The scale at which populations use landscapes influences ecological processes and management. We used dispersal and home-range data of 3 age groups of male white-tailed deer (Odocoileus virginianus) to determine the scale at which management will be effective. Home-range size at 5.5 years of age (182 ha ± 24.9 SE) was 56% smaller (P < 0.001) than home-range size of the same 13 males as yearlings (416 ± 59.4 ha). Percent overlap of yearling and 5.5-year-old home ranges was 62.7 ± 10.3% (n = 13). Distance between home-range centers of yearling and mature deer was 1,264.9 ± 407.4 m, including 3 deer that dispersed after 2.5 years of age. Average 95% fixed-kernel home-range size was 207.4 ± 20.4 ha and 225.7 ± 30.1 ha for all mature males in years 1 and 2 of our study, respectively. We found that properties >10,000 ha were needed to manage >50% of original yearling males found on the property, whereas properties of 4,500 ha would maintain 50% of original middle-aged (2.5–4.5 yr of age) and mature males (≥4.5 yr of age).
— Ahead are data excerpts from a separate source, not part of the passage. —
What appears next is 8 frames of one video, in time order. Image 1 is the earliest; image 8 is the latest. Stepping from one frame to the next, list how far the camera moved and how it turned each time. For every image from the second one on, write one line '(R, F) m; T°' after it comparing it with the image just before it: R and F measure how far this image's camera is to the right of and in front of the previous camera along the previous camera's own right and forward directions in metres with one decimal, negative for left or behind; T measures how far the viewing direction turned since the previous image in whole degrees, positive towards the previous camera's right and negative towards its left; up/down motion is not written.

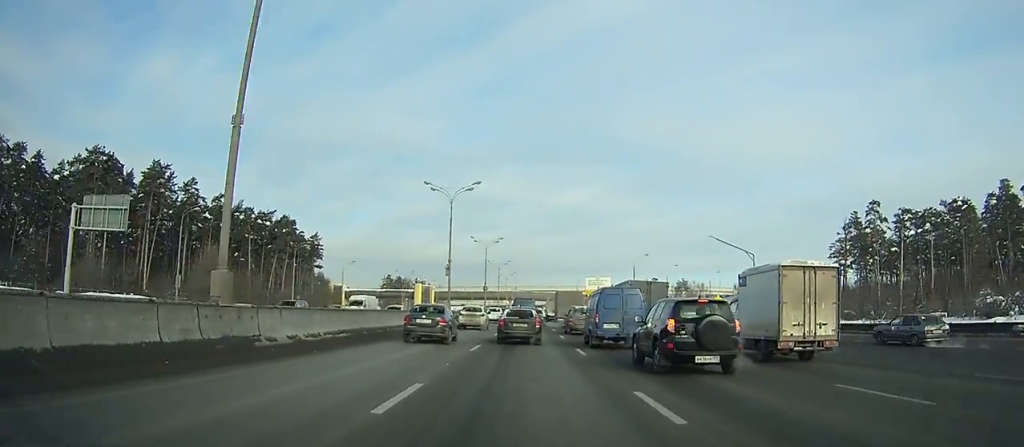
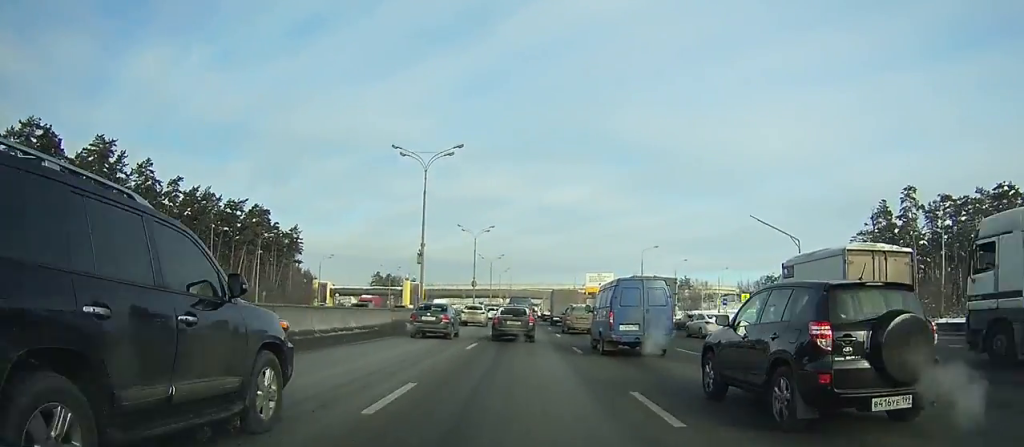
(0.0, +12.2) m; 0°
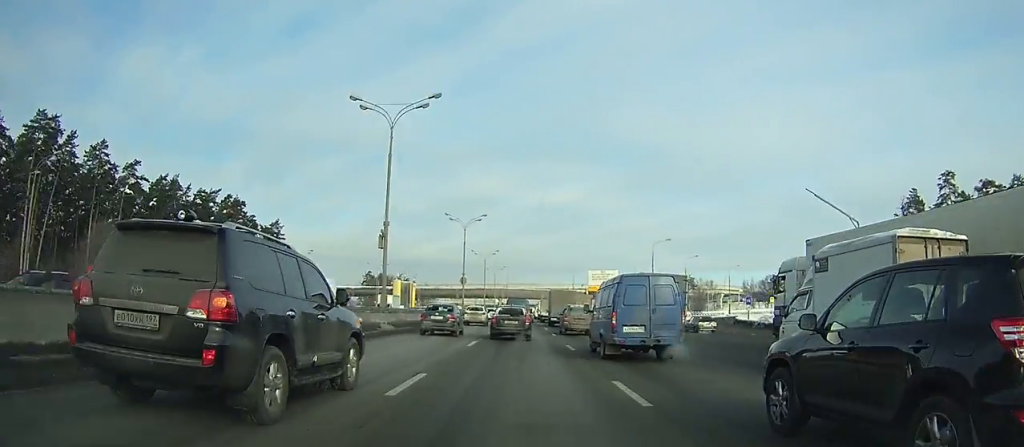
(0.0, +10.7) m; 0°
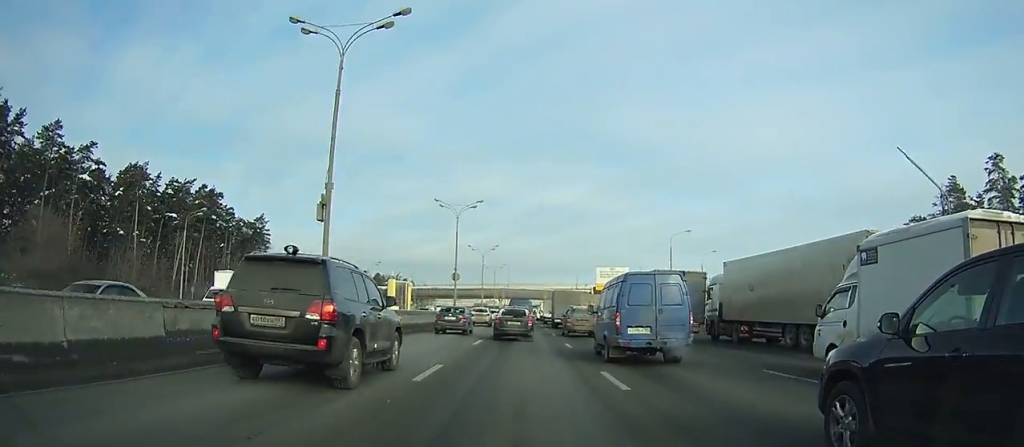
(0.0, +10.0) m; 0°
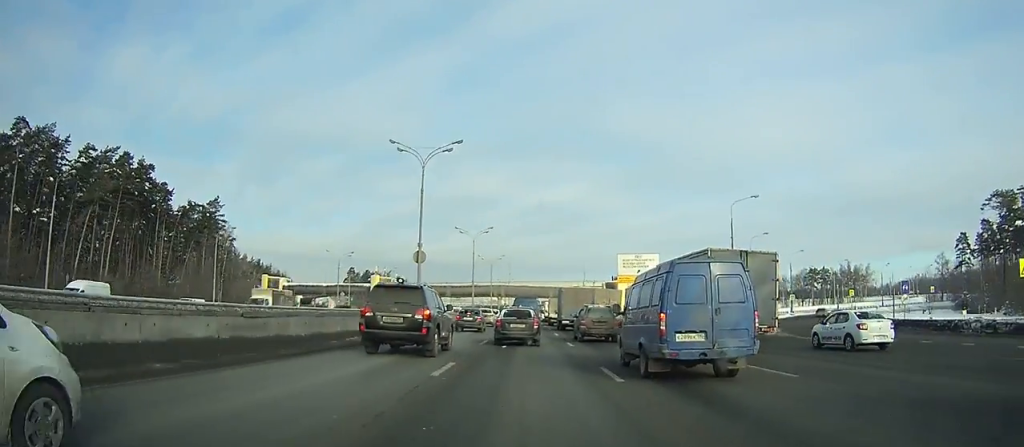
(-0.1, +21.2) m; -1°
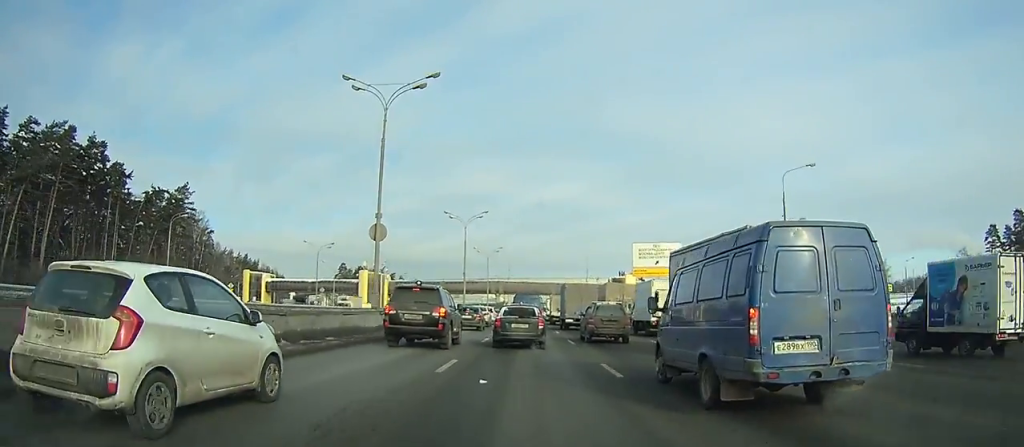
(-0.1, +10.4) m; 0°
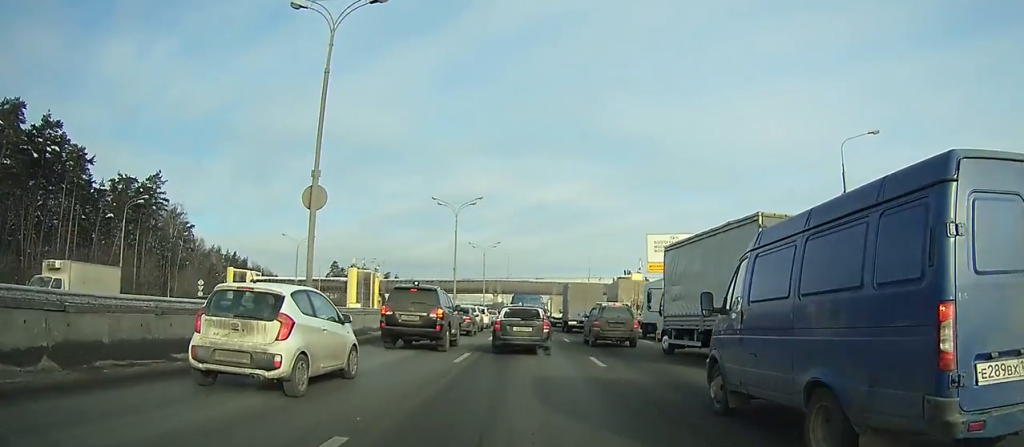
(0.0, +8.0) m; 0°
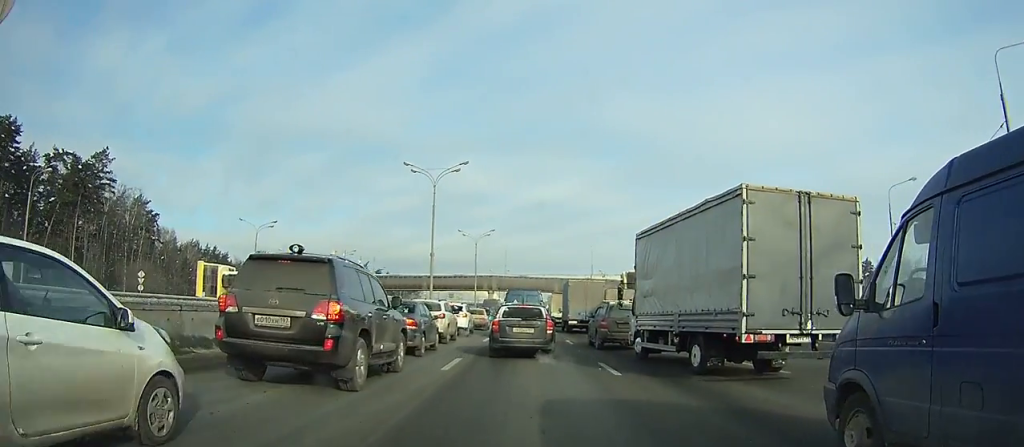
(-0.1, +13.6) m; -1°
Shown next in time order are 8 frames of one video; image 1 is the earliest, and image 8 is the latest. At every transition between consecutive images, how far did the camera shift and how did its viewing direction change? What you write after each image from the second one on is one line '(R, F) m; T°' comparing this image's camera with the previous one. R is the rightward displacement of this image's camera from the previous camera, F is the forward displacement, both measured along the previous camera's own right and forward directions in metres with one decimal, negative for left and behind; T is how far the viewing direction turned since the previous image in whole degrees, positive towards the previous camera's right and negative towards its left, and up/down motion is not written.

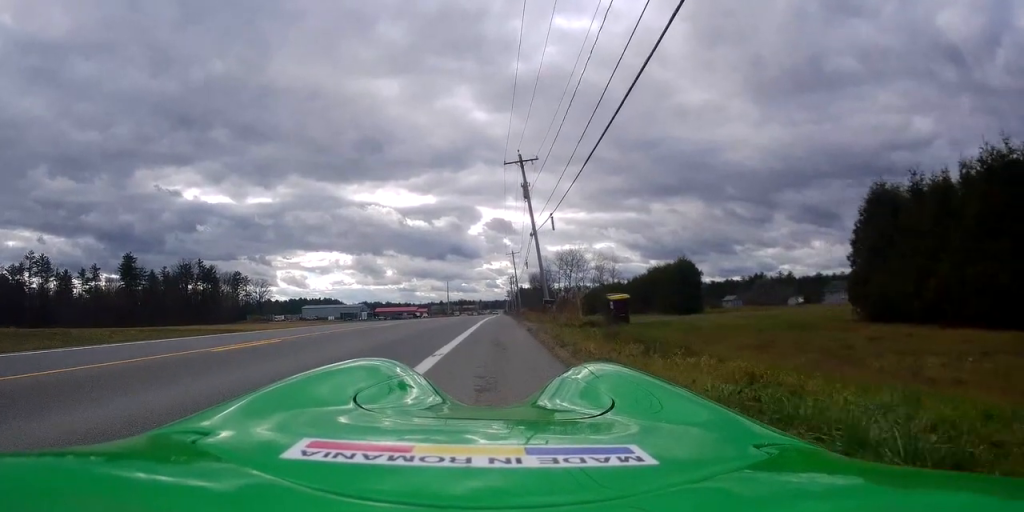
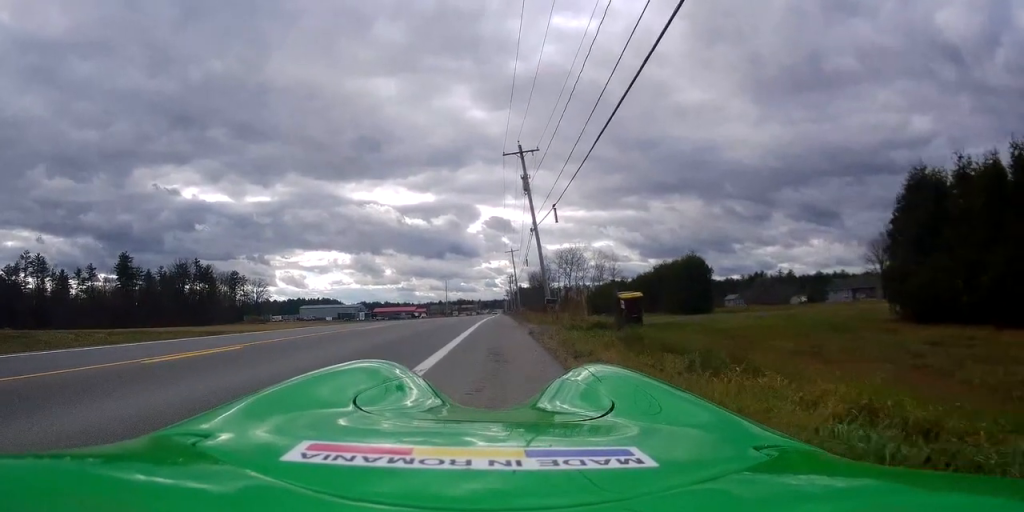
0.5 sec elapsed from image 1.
(+0.1, +1.9) m; +3°
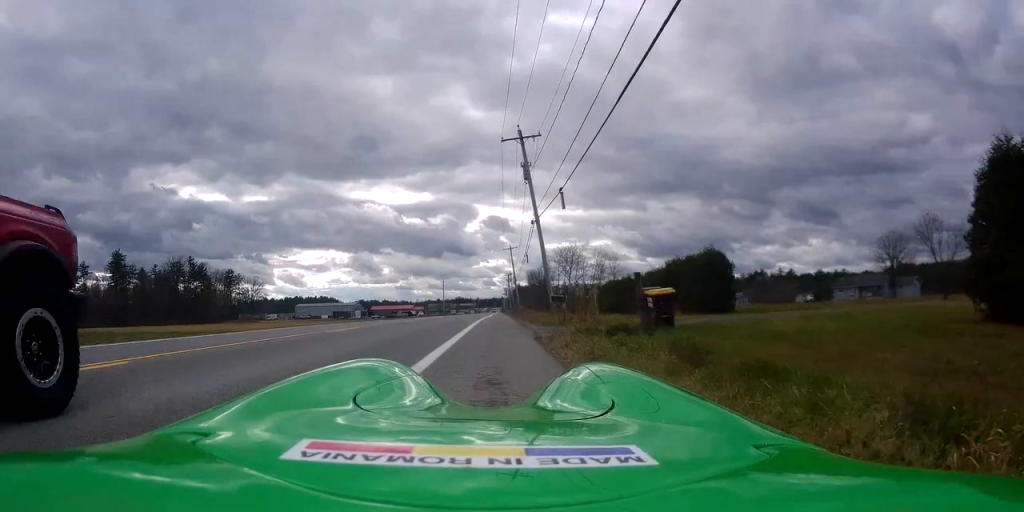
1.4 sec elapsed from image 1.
(0.0, +3.4) m; 0°
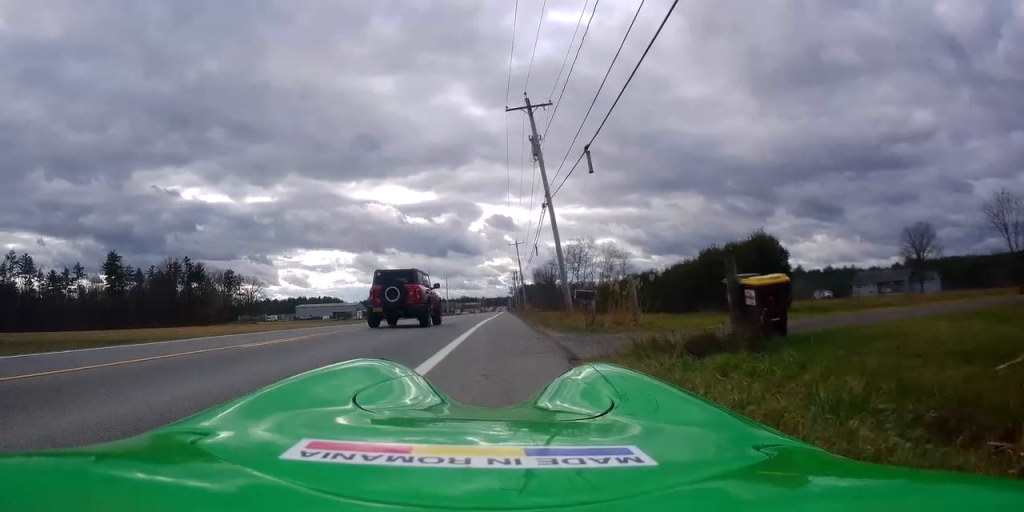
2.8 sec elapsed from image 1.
(-0.2, +5.6) m; -6°
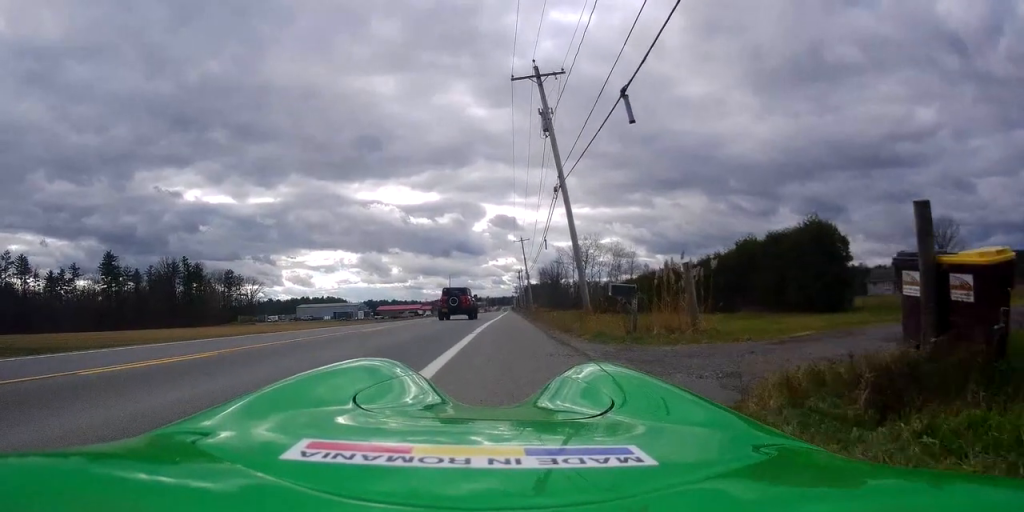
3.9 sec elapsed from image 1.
(-0.2, +4.4) m; 0°
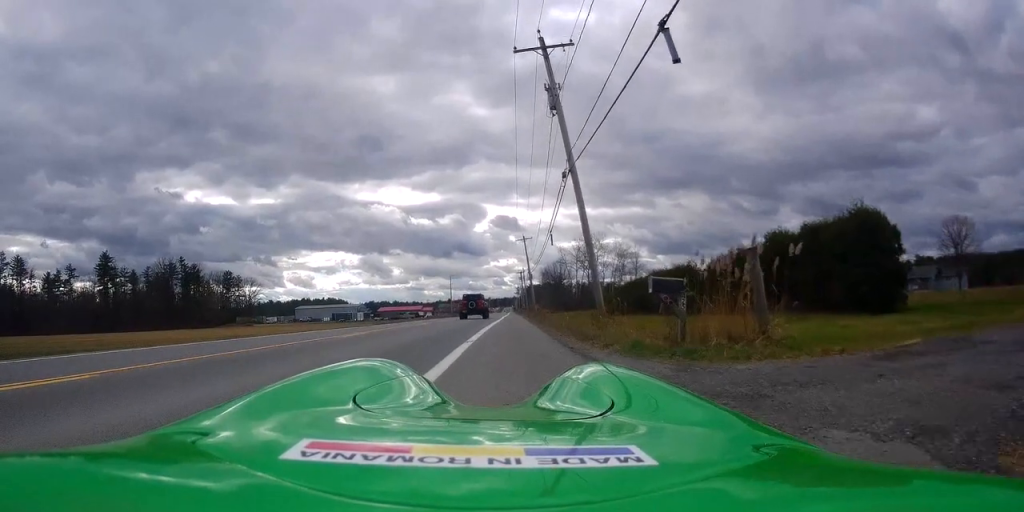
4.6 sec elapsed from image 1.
(+0.1, +3.1) m; +2°
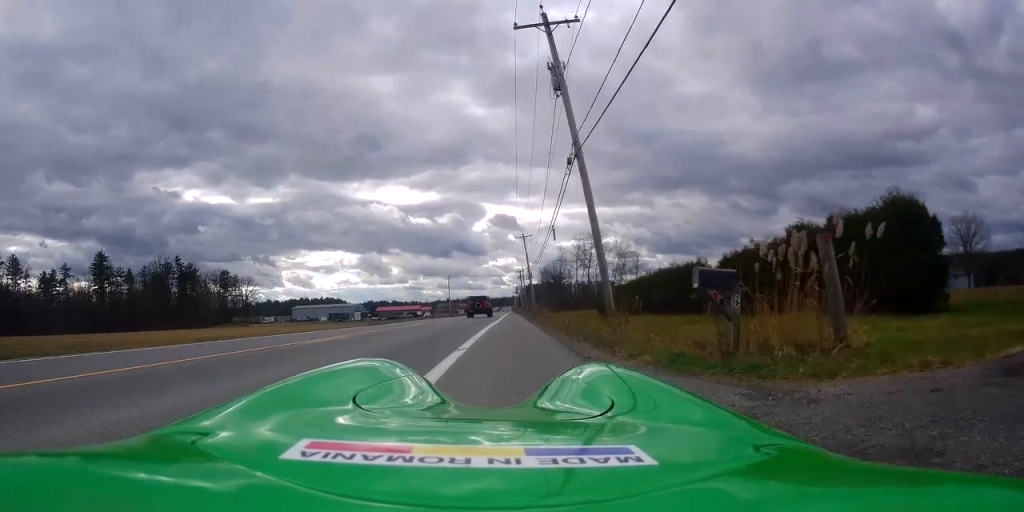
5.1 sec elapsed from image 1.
(+0.1, +2.1) m; 0°
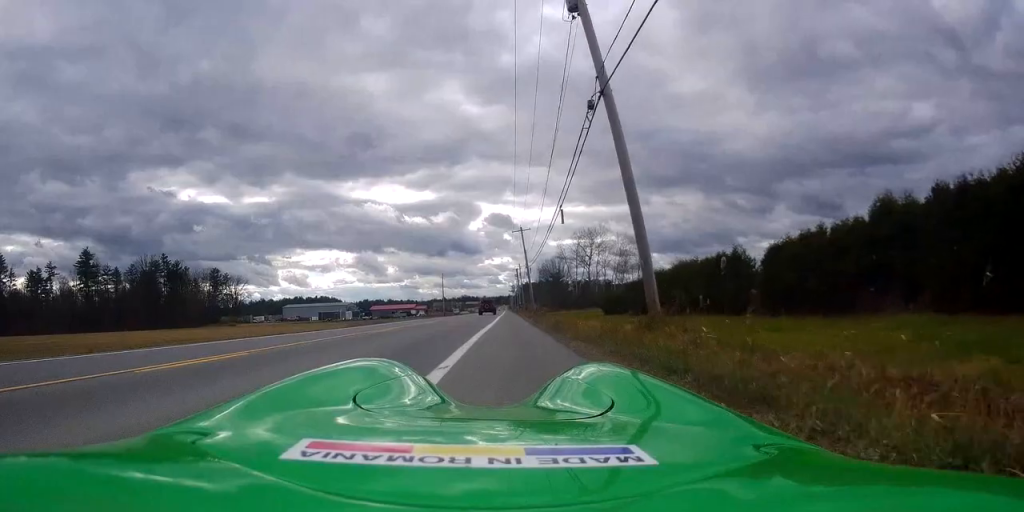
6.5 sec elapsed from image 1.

Movements after dispersal were minimal, with deer shifting their center of activity <600 m and <350 m each year for middle-aged and mature males, respectively. These data could be used by managers developing management plans, recommending harvest rates, and interpreting harvest data of male white-tailed deer and by biologists attempting to understand ecological processes such as spread of disease.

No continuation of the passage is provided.